Later on, a letter was read from a Watergate burglar was read to the Court. In this letter he declared that perjury had been committed in the Watergate trial since defendants had been pressured to remain silent. Even though the right to remain silent is a legal right, which is a consequence of the freedom of speech, the fact that witnesses are pressured not to tell the truth goes against this right. In a taped conversation the White House Counsel described the cover-up of the Watergate scandal as a "cancer on the presidency". In this conversation, he said that the burglary team was being paid hush money for their silence and declared that it was an obstruction of justice. Moreover, the White House Counsel stated that one of Nixon's associate was blackmailing the White House, demanding money immediately. Nixon stated: "they have to be paid. That's all there is to that. They have to be paid". Nixon's agreement to make the blackmail payments was regarded as an affirmative act to obstruct justice.

On July 16, 1973, in front of a televised audience, a deputy asked to the deputy assistant to Nixon if there was any type of recording system in the White House. He answered that there was a system in the White House that automatically recorded everything in the Oval Office. The special prosecutor asked Nixon to give him the tapes but the President refused to release them citing his executive privilege as President of the United States. In the end, Nixon announced the release of the transcripts in a speech to the Nation on April, 29, 1974.

Initially, Nixon was given a positive reaction for his speech but as people read the

transcripts over the next couple of weeks, former supporters among the public, media and political community called for Nixon's resignation or impeachment. The House of Representatives began formal investigations into the possible impeachment to the President. During the whole scandal, Nixon denied any involvement in the scandal. But after being told that enough votes existed to remove him, he decided to resign.

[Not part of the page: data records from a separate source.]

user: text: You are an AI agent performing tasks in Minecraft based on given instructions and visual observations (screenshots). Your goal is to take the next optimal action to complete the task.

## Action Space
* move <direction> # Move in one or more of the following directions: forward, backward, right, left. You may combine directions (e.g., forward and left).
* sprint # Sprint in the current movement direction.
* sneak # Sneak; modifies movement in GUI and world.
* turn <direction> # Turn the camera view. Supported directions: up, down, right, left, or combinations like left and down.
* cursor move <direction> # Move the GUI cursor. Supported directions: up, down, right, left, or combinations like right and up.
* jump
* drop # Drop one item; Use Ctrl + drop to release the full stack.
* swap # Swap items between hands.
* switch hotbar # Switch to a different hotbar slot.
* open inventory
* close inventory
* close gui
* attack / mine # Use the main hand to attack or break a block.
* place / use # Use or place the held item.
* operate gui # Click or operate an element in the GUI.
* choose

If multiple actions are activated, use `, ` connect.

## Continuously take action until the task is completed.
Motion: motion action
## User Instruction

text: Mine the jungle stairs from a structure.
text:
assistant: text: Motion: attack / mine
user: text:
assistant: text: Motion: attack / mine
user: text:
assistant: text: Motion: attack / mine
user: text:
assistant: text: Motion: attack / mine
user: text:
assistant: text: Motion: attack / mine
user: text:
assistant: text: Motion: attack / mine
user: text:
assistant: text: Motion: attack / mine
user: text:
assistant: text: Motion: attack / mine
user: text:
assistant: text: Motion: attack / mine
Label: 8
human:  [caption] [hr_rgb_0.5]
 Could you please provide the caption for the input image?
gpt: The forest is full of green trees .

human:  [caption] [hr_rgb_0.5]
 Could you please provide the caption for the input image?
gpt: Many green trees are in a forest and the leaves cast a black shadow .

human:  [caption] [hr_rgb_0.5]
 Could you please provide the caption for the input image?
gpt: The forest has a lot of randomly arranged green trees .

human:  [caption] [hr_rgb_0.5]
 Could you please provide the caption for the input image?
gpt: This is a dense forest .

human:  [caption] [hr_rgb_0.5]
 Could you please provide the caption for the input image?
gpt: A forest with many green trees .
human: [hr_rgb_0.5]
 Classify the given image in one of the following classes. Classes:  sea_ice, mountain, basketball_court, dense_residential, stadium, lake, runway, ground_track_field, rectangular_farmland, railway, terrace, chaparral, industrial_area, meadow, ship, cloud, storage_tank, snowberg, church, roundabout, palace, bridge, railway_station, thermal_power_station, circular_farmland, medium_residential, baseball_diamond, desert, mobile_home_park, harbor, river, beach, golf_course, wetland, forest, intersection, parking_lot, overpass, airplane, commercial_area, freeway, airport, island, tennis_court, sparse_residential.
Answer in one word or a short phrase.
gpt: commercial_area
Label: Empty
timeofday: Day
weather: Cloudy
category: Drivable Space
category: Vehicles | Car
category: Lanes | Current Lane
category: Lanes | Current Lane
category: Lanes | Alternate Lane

Though The Post had demonstrated the power of the press, it revealed the disgrace that most of the press had made of themselves. The majority of the media's priorities had not been straight. They had forgotten that it is their duty to inform the public of Washington dealings and not hold back anything simply because it could be devastating to the ranked official's reputations. Journalism in American is imperative to have, but must be used correctly. The Watergate Scandal left behind a backlash of distrust towards the press and the presidency. Washington had lost it's innocence. No longer would people put their full trust in what the government did behind the public's eyes. After Watergate, the press vowed to be more wary in the future. So, the media are a counter power to presidential power, and the preservation of an autonomous and aggressive belligerent press indeed is affecting profoundly the structure of the presidential regime So, Watergate deeply shook America. This story considered as one of the gravest political scandals experienced in the United States had multiple consequences. First, the resignation of the President, a rare fact, but it modified also durably the relation between the congress and the Presidency. It allowed finally the fourth power, the press, to emerge on the political scene.